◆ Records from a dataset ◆
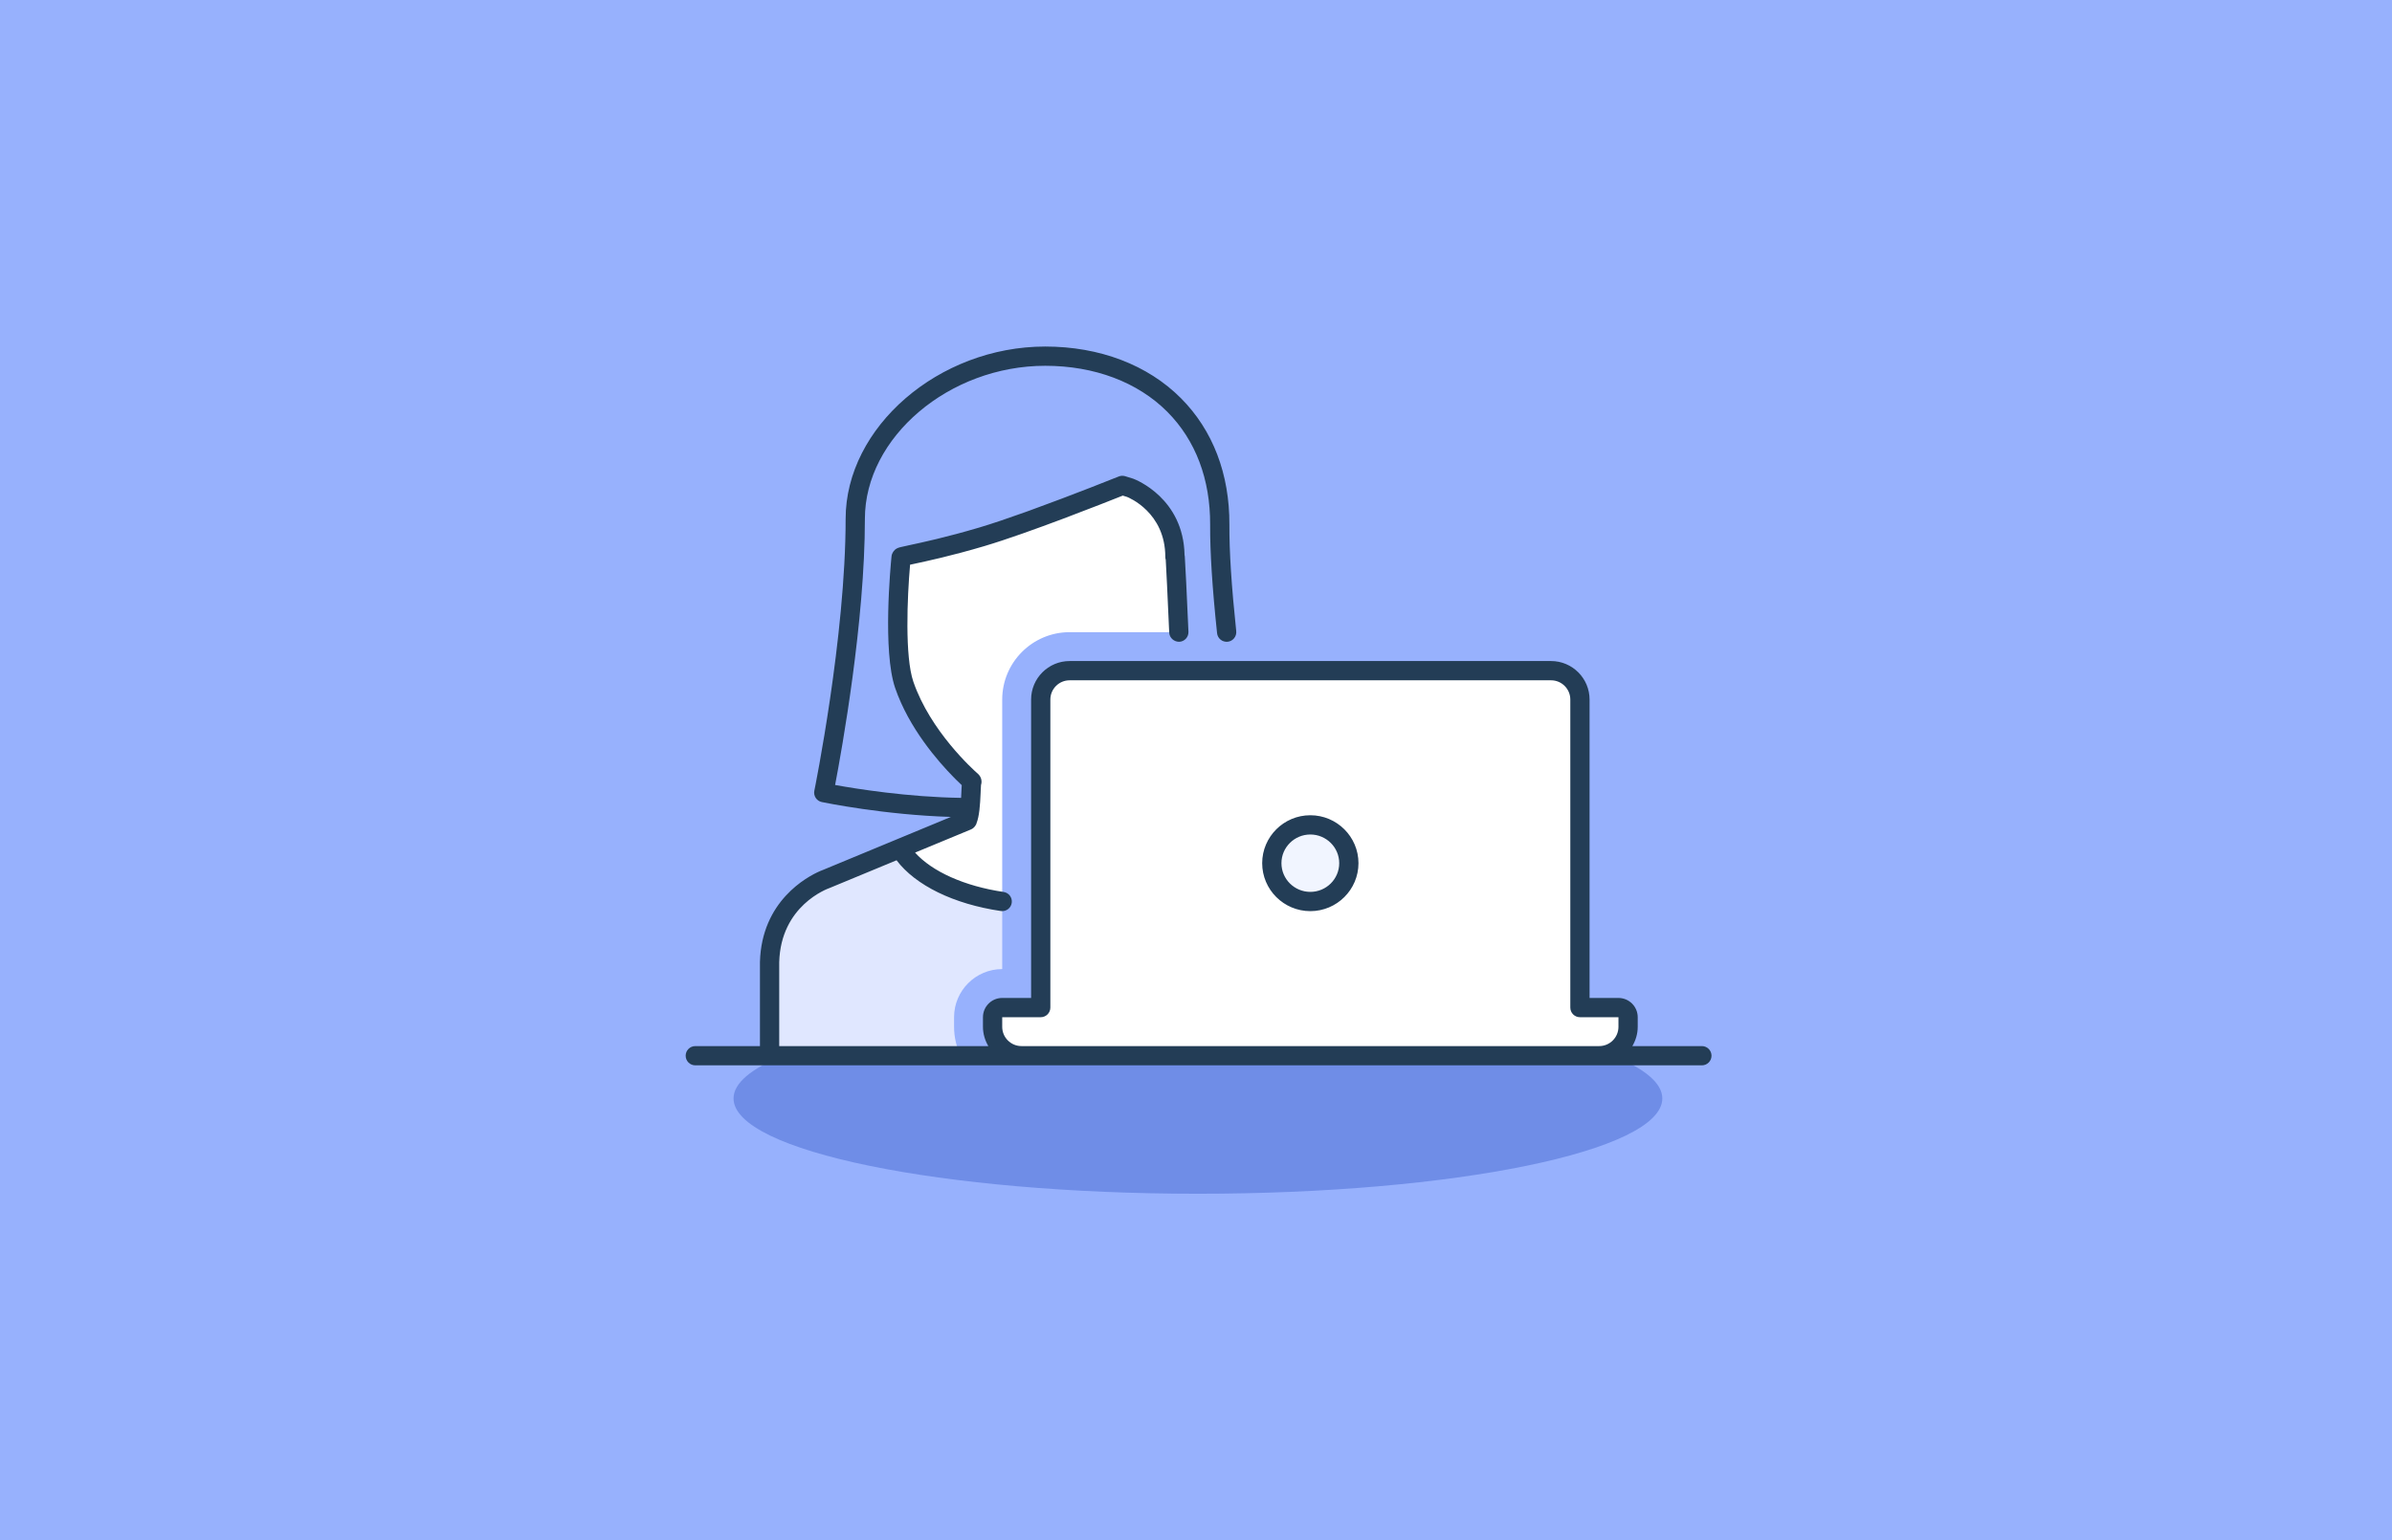 <?xml version="1.0" encoding="UTF-8"?>
<svg width="354px" height="228px" viewBox="0 0 354 228" version="1.1" xmlns="http://www.w3.org/2000/svg" xmlns:xlink="http://www.w3.org/1999/xlink">
    <title>Tactics Icons Color / Acquisition &amp; Conversion / Lead Re-Engagement</title>
    <g id="Tactics-Icons-Color-/-Acquisition-&amp;-Conversion-/-Lead-Re-Engagement" stroke="none" stroke-width="1" fill="none" fill-rule="evenodd">
        <rect id="bg" fill="#97B1FD" x="0" y="0" width="354" height="228"></rect>
        <g id="Group" transform="translate(63, 0)">
            <g id="Icon" transform="translate(38.474, 51.3)">
                <path d="M137.244,104.984 L14.382,104.984 C9.725,106.886 7.087,109.034 7.087,111.308 C7.087,119.102 37.856,125.419 75.812,125.419 C113.768,125.419 144.538,119.102 144.538,111.308 C144.538,109.034 141.901,106.886 137.244,104.984" id="shadow" fill="#6F8DE7"></path>
                <path d="M80.062,42.284 C79.571,37.502 79.021,31.069 79.043,26.381 C79.119,11.109 68.256,1.425 53.215,1.425 C38.732,1.425 25.099,12.118 25.099,25.51 C25.099,43.344 20.44,66.039 20.44,66.039 C20.44,66.039 31.095,68.248 41.832,68.248 L41.686,70.167 C42.31,68.732 42.159,65.071 42.354,64.468 C42.371,64.417 42.355,64.362 42.316,64.326 C41.584,63.685 34.977,57.735 32.349,50.077 C30.555,44.853 31.818,31.884 31.885,31.196 C31.887,31.178 31.896,31.162 31.912,31.153 C32.244,30.967 36.777,30.257 43.826,28.168 C51.007,26.039 64.624,20.558 64.624,20.558 L65.831,20.93 C65.831,20.93 72.416,23.431 72.41,31.156 C72.41,31.179 72.447,31.179 72.449,31.2 C72.498,31.682 73.064,37.178 72.986,42.284 L80.062,42.284 Z" id="hair" fill="#97B1FD"></path>
                <path d="M39.722,100.709 L39.722,99.284 C39.722,95.355 42.918,92.159 46.847,92.159 L46.847,82.144 C39.682,81.087 33.972,78.113 31.733,74.291 L31.733,74.291 L20.791,78.827 C20.791,78.827 12.671,81.571 12.419,91.116 L12.419,104.984 L40.698,104.984 C40.078,103.686 39.722,102.241 39.722,100.709" id="body" fill="#E0E7FF"></path>
                <path d="M46.847,52.259 C46.847,46.759 51.323,42.284 56.822,42.284 L72.986,42.284 C73.064,37.178 72.498,31.682 72.448,31.2 C72.447,31.179 72.41,31.179 72.41,31.156 C72.416,23.431 65.831,20.93 65.831,20.93 L64.624,20.558 C64.624,20.558 51.006,26.039 43.826,28.168 C36.776,30.257 32.243,30.967 31.913,31.153 C31.896,31.162 31.887,31.178 31.884,31.196 C31.817,31.884 30.555,44.853 32.349,50.077 C34.977,57.735 41.584,63.685 42.315,64.326 C42.355,64.362 42.371,64.417 42.354,64.468 C42.159,65.071 42.31,68.732 41.686,70.167 L31.733,74.291 C33.972,78.113 39.682,81.087 46.847,82.144 L46.847,52.259 Z" id="face" fill="#FFFFFF"></path>
                <path d="M132.348,97.859 L132.348,52.259 C132.348,49.898 130.434,47.984 128.073,47.984 L56.823,47.984 C54.461,47.984 52.548,49.898 52.548,52.259 L52.548,97.859 L46.848,97.859 C46.061,97.859 45.423,98.497 45.423,99.284 L45.423,100.709 C45.423,103.07 47.336,104.984 49.698,104.984 L135.198,104.984 C137.559,104.984 139.473,103.07 139.473,100.709 L139.473,99.284 C139.473,98.497 138.834,97.859 138.048,97.859 L132.348,97.859 Z" id="laptop" fill="#FFFFFF"></path>
                <path d="M92.446,82.158 C95.595,82.158 98.148,79.617 98.148,76.483 C98.148,73.351 95.595,70.812 92.446,70.812 C89.298,70.812 86.748,73.351 86.748,76.483 C86.748,79.617 89.298,82.158 92.446,82.158" id="logo" fill="#F1F5FF"></path>
                <path d="M53.215,0 C61.258,0 68.393,2.719 73.303,7.654 C78.027,12.402 80.505,18.88 80.468,26.388 C80.448,30.345 80.779,35.495 81.48,42.134 C81.561,42.917 80.994,43.619 80.212,43.702 C79.414,43.776 78.727,43.216 78.644,42.434 C77.933,35.691 77.598,30.437 77.618,26.374 C77.651,19.641 75.461,13.862 71.283,9.664 C66.911,5.27 60.494,2.85 53.215,2.85 C38.997,2.85 26.524,13.439 26.524,25.51 C26.524,40.727 23.122,59.636 22.115,64.906 C25.18,65.462 32.893,66.706 40.762,66.813 C40.779,66.508 40.792,66.215 40.803,65.966 C40.822,65.536 40.838,65.199 40.856,64.927 C40.637,64.723 40.363,64.461 40.047,64.148 L39.717,63.817 C37.315,61.383 33.032,56.462 31.001,50.54 C29.131,45.094 30.325,32.474 30.466,31.054 C30.515,30.585 30.818,30.126 31.233,29.901 C31.502,29.748 31.773,29.69 33.07,29.412 C35.002,29 38.598,28.231 43.421,26.801 C45.355,26.228 47.779,25.402 50.279,24.505 L50.962,24.258 C57.352,21.945 63.996,19.275 64.091,19.236 C64.394,19.115 64.729,19.099 65.044,19.196 L65.044,19.196 L66.25,19.57 C66.637,19.713 73.674,22.482 73.832,30.86 C73.849,30.928 73.862,30.998 73.868,31.068 C73.928,31.662 74.186,37.133 74.408,42.223 C74.442,43.008 73.832,43.673 73.047,43.708 C72.289,43.72 71.595,43.133 71.561,42.345 C71.321,36.846 71.115,32.624 71.048,31.569 C71.006,31.437 70.984,31.297 70.984,31.156 C70.989,24.551 65.55,22.351 65.318,22.26 L65.318,22.26 L64.688,22.068 C62.196,23.064 50.729,27.608 44.231,29.535 C39.303,30.995 35.636,31.779 33.666,32.199 C33.5,32.235 33.349,32.268 33.212,32.296 C32.786,37.151 32.423,45.904 33.696,49.616 C36.204,56.922 42.541,62.629 43.254,63.254 C43.726,63.669 43.903,64.319 43.708,64.913 C43.7,64.978 43.684,65.314 43.668,65.679 L43.656,65.954 L43.656,65.954 L43.651,66.089 C43.572,67.918 43.462,69.513 43.036,70.596 L43.036,70.596 L43.007,70.691 L43.007,70.691 L42.992,70.736 C42.982,70.758 42.961,70.775 42.95,70.798 C42.891,70.917 42.817,71.022 42.727,71.12 C42.697,71.153 42.67,71.184 42.637,71.214 C42.518,71.323 42.387,71.42 42.231,71.484 L42.231,71.484 L33.951,74.915 C36.45,77.717 41.274,79.891 47.053,80.742 C47.832,80.857 48.37,81.581 48.255,82.361 C48.151,83.068 47.542,83.578 46.847,83.578 C46.778,83.578 46.709,83.572 46.637,83.562 C39.655,82.533 34.016,79.76 31.21,76.051 L31.21,76.051 L21.337,80.142 C20.959,80.276 14.065,82.764 13.844,91.153 L13.844,91.153 L13.844,103.559 L44.791,103.559 C44.299,102.717 43.997,101.752 43.997,100.709 L43.997,100.709 L43.997,99.284 C43.997,97.712 45.275,96.434 46.847,96.434 L46.847,96.434 L51.122,96.434 L51.122,52.259 C51.122,49.115 53.678,46.559 56.822,46.559 L56.822,46.559 L128.072,46.559 C131.215,46.559 133.772,49.115 133.772,52.259 L133.772,52.259 L133.772,96.434 L138.047,96.434 C139.619,96.434 140.897,97.712 140.897,99.284 L140.897,99.284 L140.897,100.709 C140.897,101.752 140.595,102.717 140.105,103.559 L140.105,103.559 L150.393,103.559 C151.18,103.559 151.818,104.197 151.818,104.984 C151.818,105.771 151.18,106.409 150.393,106.409 L150.393,106.409 L1.425,106.409 C0.638,106.409 0,105.771 0,104.984 C0,104.197 0.638,103.559 1.425,103.559 L1.425,103.559 L10.994,103.559 L10.994,91.116 C11.232,82.074 17.977,78.493 19.854,77.67 L20.016,77.601 C20.211,77.519 20.325,77.479 20.335,77.476 L20.335,77.476 L31.183,72.979 C31.185,72.979 31.186,72.976 31.188,72.976 L31.188,72.976 L37.931,70.181 L39.25,69.633 C29.455,69.341 20.556,67.518 20.151,67.434 C19.381,67.274 18.886,66.522 19.044,65.752 C19.089,65.527 23.674,42.991 23.674,25.51 C23.674,11.92 37.477,0 53.215,0 Z M128.072,49.409 L56.822,49.409 C55.25,49.409 53.972,50.687 53.972,52.259 L53.972,52.259 L53.972,97.859 C53.972,98.646 53.333,99.284 52.547,99.284 L52.547,99.284 L46.847,99.284 L46.847,100.709 C46.847,102.281 48.125,103.559 49.697,103.559 L49.697,103.559 L135.197,103.559 C136.769,103.559 138.047,102.281 138.047,100.709 L138.047,100.709 L138.047,99.284 L132.347,99.284 C131.56,99.284 130.922,98.646 130.922,97.859 L130.922,97.859 L130.922,52.259 C130.922,50.687 129.644,49.409 128.072,49.409 L128.072,49.409 Z M92.446,69.386 C96.375,69.386 99.571,72.57 99.571,76.483 C99.571,80.398 96.375,83.582 92.446,83.582 C88.517,83.582 85.321,80.398 85.321,76.483 C85.321,72.57 88.517,69.386 92.446,69.386 Z M92.446,72.236 C90.089,72.236 88.171,74.141 88.171,76.483 C88.171,78.827 90.089,80.732 92.446,80.732 C94.803,80.732 96.721,78.827 96.721,76.483 C96.721,74.141 94.803,72.236 92.446,72.236 Z" id="stroke" fill="#233D56"></path>
            </g>
        </g>
    </g>
</svg>

◆ EXERCISE INSTRUCTIONS ◆
Identify the lines of the data that contain the word "height". Copy each of them.

◆ YOUR RESPONSE ◆
<svg width="354px" height="228px" viewBox="0 0 354 228" version="1.1" xmlns="http://www.w3.org/2000/svg" xmlns:xlink="http://www.w3.org/1999/xlink">
        <rect id="bg" fill="#97B1FD" x="0" y="0" width="354" height="228"></rect>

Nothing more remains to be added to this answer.